Selon Reich, la partie horizontale du puits de Warren a été construite à l’âge de bronze moyen et devait être reliée au passage fortifié, permettant aux habitants de Jérusalem d’amener l’eau dans la ville haute depuis la chambre ronde du bassin. Ils fondent cette hypothèse sur un certain nombre de facteurs. Tout d’abord, la partie horizontale du tunnel a été taillée directement dans le calcaire plus tendre et se trouve au-dessus d’une forme de roche beaucoup plus dure. Les murs protégeant le passage fortifié ont également été construits directement sur cette couche de pierre dure. D’un point de vue pratique, il est également logique qu’il n’y ait pas eu besoin de deux points d’accès à l’eau juste à côté l’un de l’autre à la même période.

Deuxièmement, bien que l’ensemble du tunnel ait été fouillé par Parker, puis par Yigal Shiloh dans les années 1980, il restait encore du matériel datable conservé le long de la partie inférieure du tunnel, juste à côté de l’entrée du puits vertical lui-même.

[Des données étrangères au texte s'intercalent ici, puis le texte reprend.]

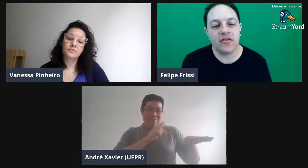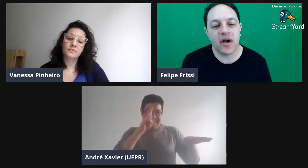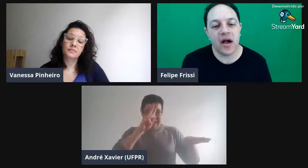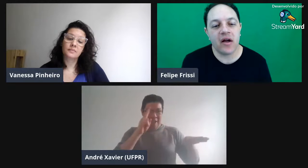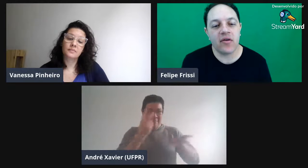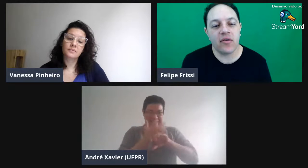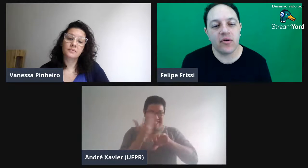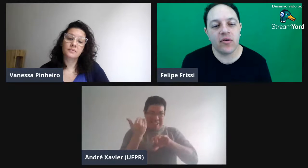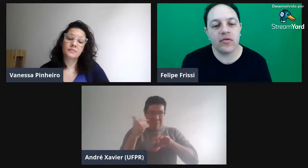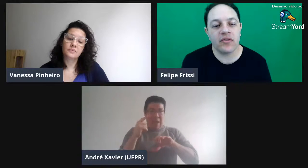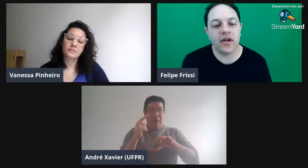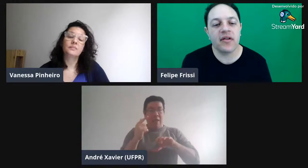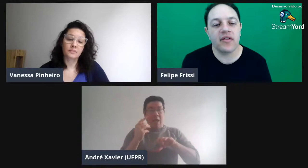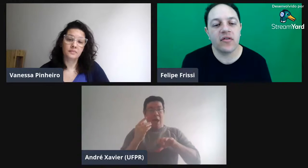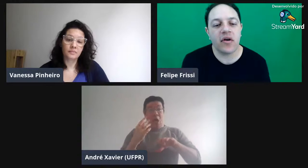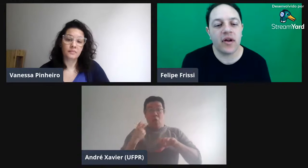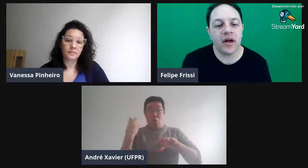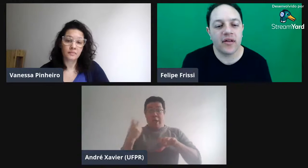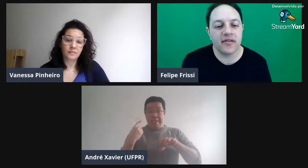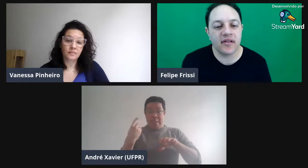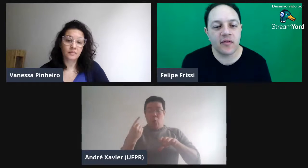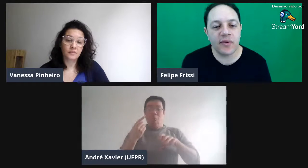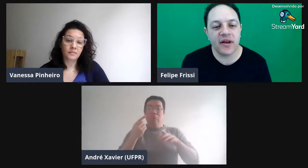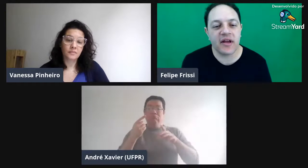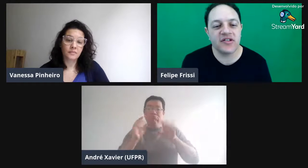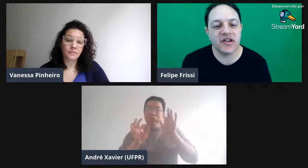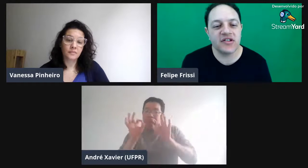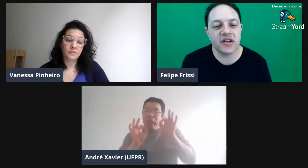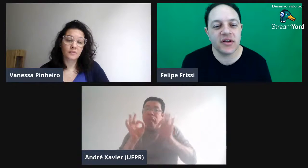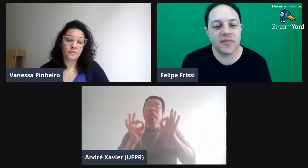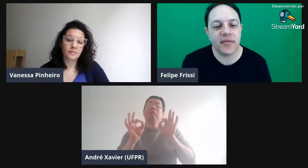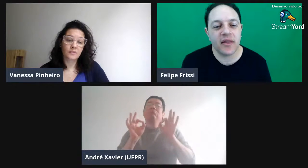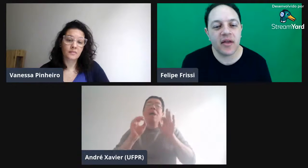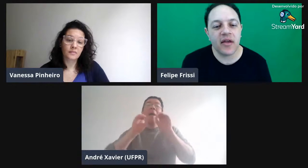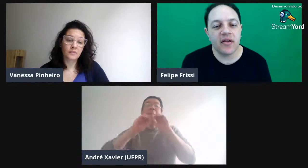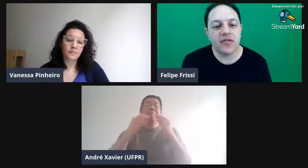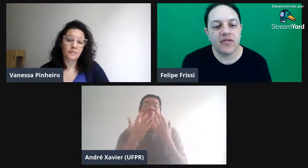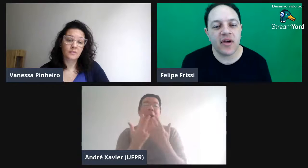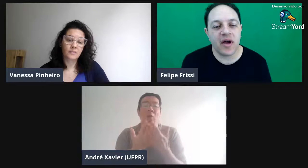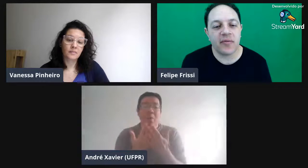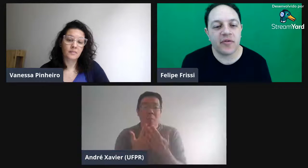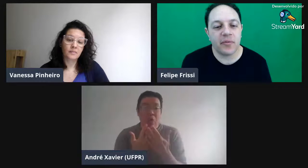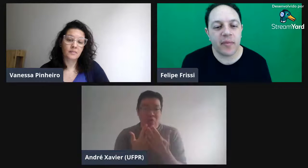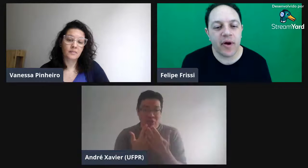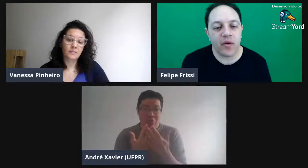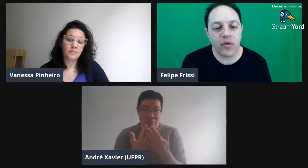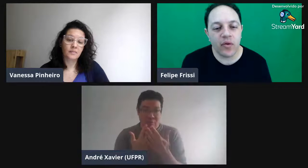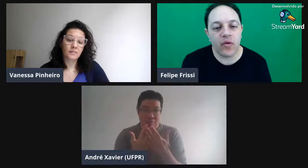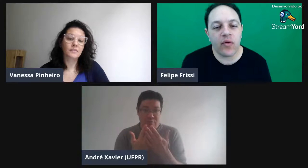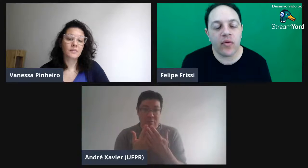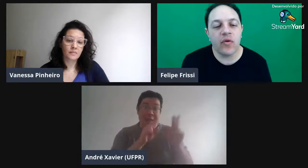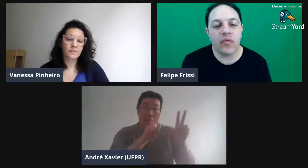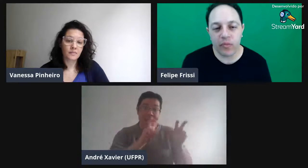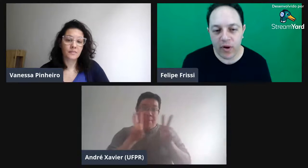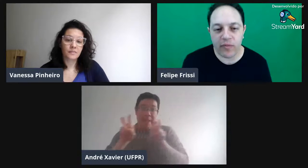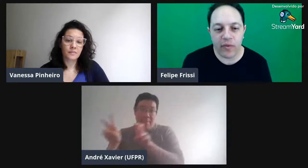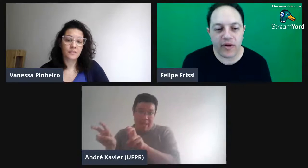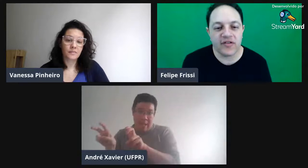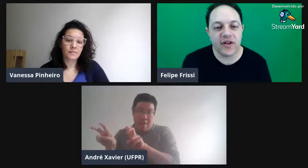o Thiago e outros, né? Igual antes na disciplina, gente já preparou no PowerPoint, né?

En effet, parmi les restes d’éclats de roche provenant de l’exploitation de la partie inférieure près du puits vertical, ils ont trouvé des poteries du huitième siècle avant J.-C., bien après l’âge de bronze moyen.

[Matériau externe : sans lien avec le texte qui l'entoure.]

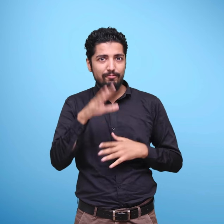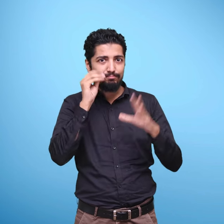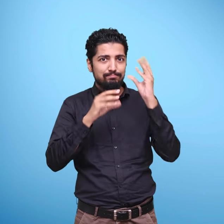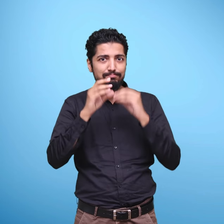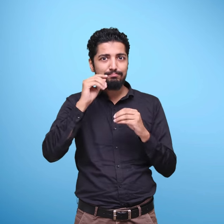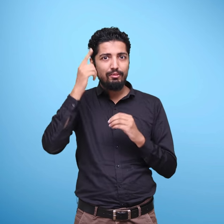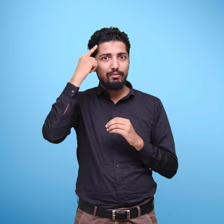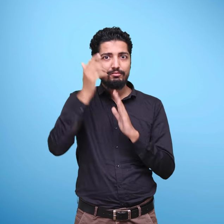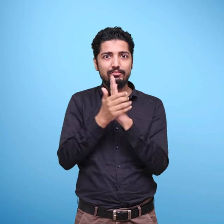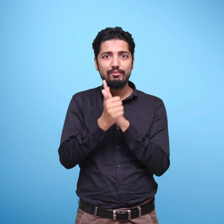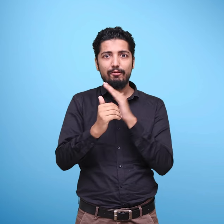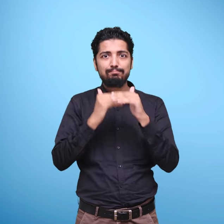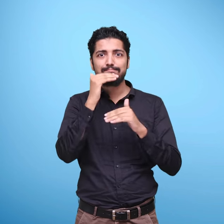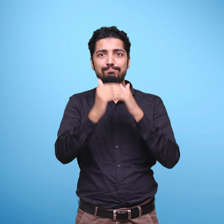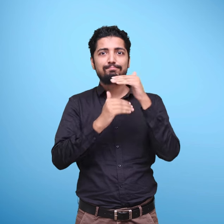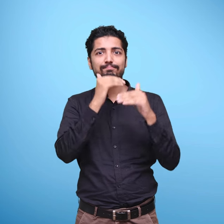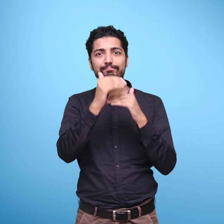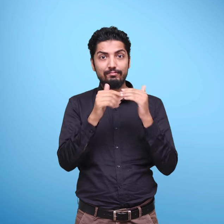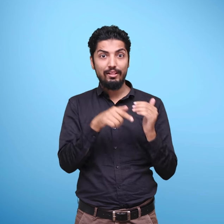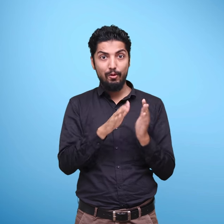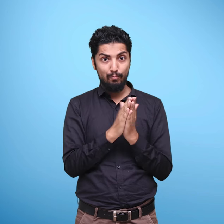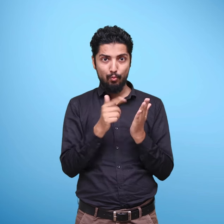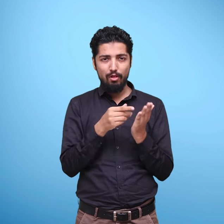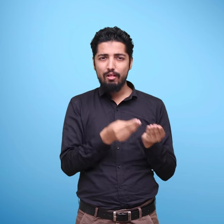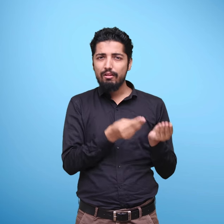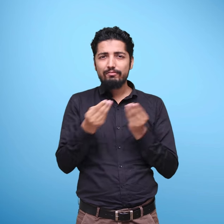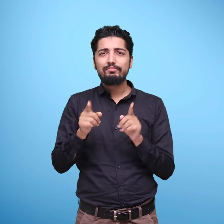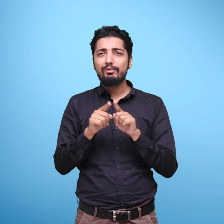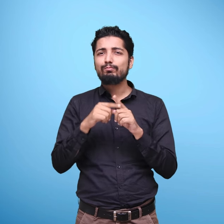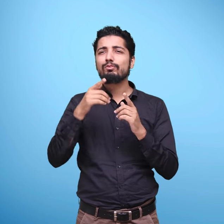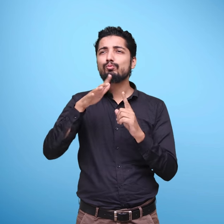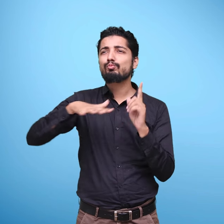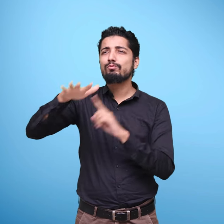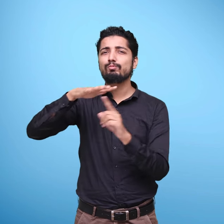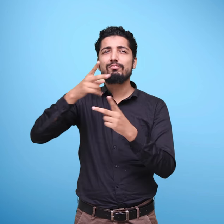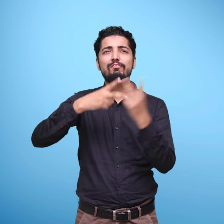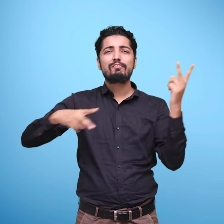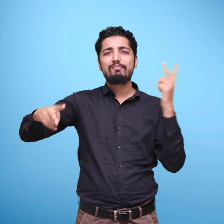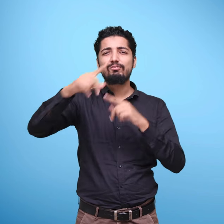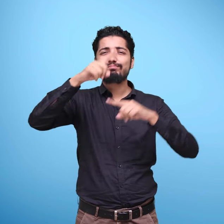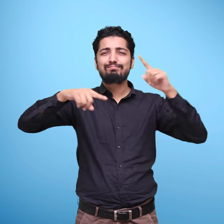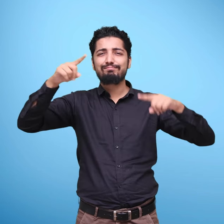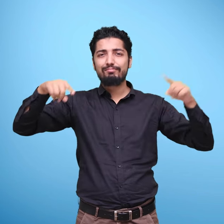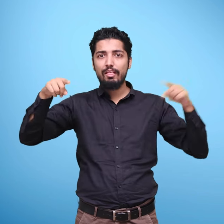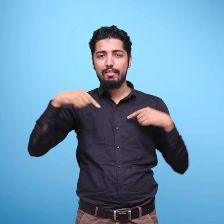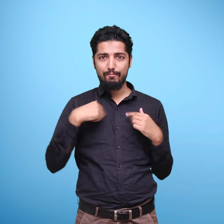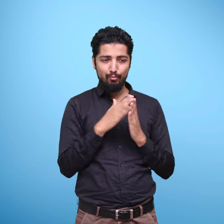पुडियों को तोड़ा गया है। ये पाठ्थ पुस्तक बच्चों को स्वेम से

Ainsi, une nouvelle théorie voit le jour : initialement, lors de la création du tunnel d’Ézéchias, toute l’eau de la source de Gihon a été détournée vers la piscine de Siloé, au sud-ouest de la ville. Pourtant, il est logique que la partie supérieure de la ville ait encore besoin d’un accès à l’eau. Ainsi, la partie horizontale du puits a été abaissée pour accéder au puits vertical. Normalement, à un débit normal dans le tunnel d’Ézéchias, l’eau de la source ne s’accumule pas à une profondeur suffisante au fond du puits vertical pour qu’on puisse facilement y laisser tomber et remplir un seau. Cependant, la découverte récente des vestiges d’une porte d’écluse du huitième siècle avant J.-C. à l’extrémité sud du tunnel d’Ézéchias (voir page 22) pourrait certainement augmenter le niveau de l’eau qui s’accumule au fond du puits de Warren. Ainsi, la partie supérieure de la ville aurait pu accéder à la source de Gihon par le système du puits de Warren au cours du huitième siècle avant notre ère.